Background: Protein-protein interaction (PPI) is vital for life processes, diseases treatment and new drugs discovery. The computational prediction of PPI is well accepted for its inexpensive and efficient nature comparing to the wet-lab experiment. When a new protein comes, one try to find whether there is any PPI relationship between this new protein and existing proteins, the current computational prediction methods usually compare this new protein to existing proteins one by one in pairwise. This is time comsuming.
Results: We proposed an more efficient model, Deep Hash Learning Protein-and-Protein Interaction (DHL-PPI) model, to predict all-to-all PPI relationship on a database. First, DHL-PPI encodes a protein sequence into a binary Hash code based on the features extracted from sequences by using deep learning technique. This encoding scheme enables the PPI discrimination problem to be a much simpler searching problem. A protein with a binary code can be regarded as a number. In the prescreen of PPI prediction stage, the string match problem of searching a string against a database with M proteins can be turned into a much more simpler problem: to find a number inside an sorted array with length M. This prescreen process narrows down proteins inside the whole database into a much smaller candidate set for further confirmation. At last, DHL-PPI uses the Hamming distance to determine the final PPI relationship.

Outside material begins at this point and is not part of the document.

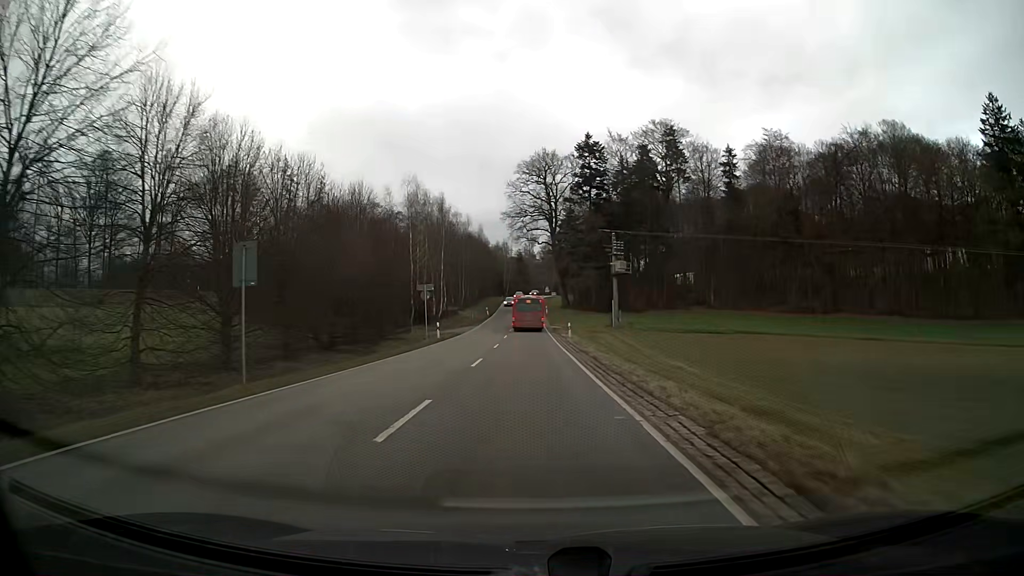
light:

Conclusions: The experimental results confirmed that DHL-PPI is feasible and effective. Using a dataset with strictly negative PPI examples of four species, DHL-PPI is superior or competitive to the other state-of-the-art methods in terms of precision, recall or F1 score. Furthermore, in the prediction stage, the proposed DHL-PPI decrease the usual time compexity of O(M2 ) to O(MlogM) for predicting all-to-all PPI interactons between any pairs in M proteins on a database. A protein database can be stored in the proposed encoding scheme and waited to be searched, which is a potential novel encoding scheme to cope with current searching problem for a large volume of database.